4-4-2 Is Not Dead. It Was Never Ill.

The pundits buried the 4-4-2 formation about fifteen years ago. Funny — nobody told the teams that keep winning with it.
Here's why I rate it for grassroots, and it's got nothing to do with fashion. Everyone has a partner. Two centre-halves, two in the middle, two up top, full-backs tucked beside. Nobody's stranded wondering what they're for. For a team that trains once a week and you can't drill complicated rotations into, that simplicity isn't a weakness. It's the whole point.
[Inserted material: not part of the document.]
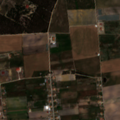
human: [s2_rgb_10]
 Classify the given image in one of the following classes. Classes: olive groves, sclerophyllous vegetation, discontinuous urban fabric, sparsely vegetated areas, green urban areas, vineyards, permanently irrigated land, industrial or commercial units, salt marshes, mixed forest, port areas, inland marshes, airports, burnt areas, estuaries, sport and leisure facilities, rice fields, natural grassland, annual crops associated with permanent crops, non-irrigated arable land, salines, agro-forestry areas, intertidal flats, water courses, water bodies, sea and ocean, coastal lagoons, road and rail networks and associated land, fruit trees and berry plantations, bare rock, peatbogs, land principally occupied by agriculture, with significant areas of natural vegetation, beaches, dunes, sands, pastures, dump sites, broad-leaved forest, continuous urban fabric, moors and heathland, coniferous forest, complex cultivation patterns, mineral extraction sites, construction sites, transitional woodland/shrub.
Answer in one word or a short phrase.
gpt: continuous urban fabric

People forget Sir Alf Ramsey won England a World Cup in '66 by binning the orthodoxy of the day — the "Wingless Wonders," everyone called them, and they meant it as an insult. A "boring" shape, played by men who knew their jobs cold, beat prettier teams. Boring wins more than romantic ever will.
The trade-off? Two banks of four can get over-run in midfield against a side playing three in there. You'll feel outnumbered in the centre some weeks. You accept that for the clarity it gives nine-year-olds who are still learning where the ball's meant to go.
Monday: teach the two banks by shadow — no ball first, just move them left and right as a unit so they learn to shift together. Then add a ball. The job is "stay connected to your partner," nothing fancier.
If you've got a kid or two who could handle something braver, you might fancy a back three instead — but only if the players are there. Ask the Gaffer what your lot can actually carry. We go again.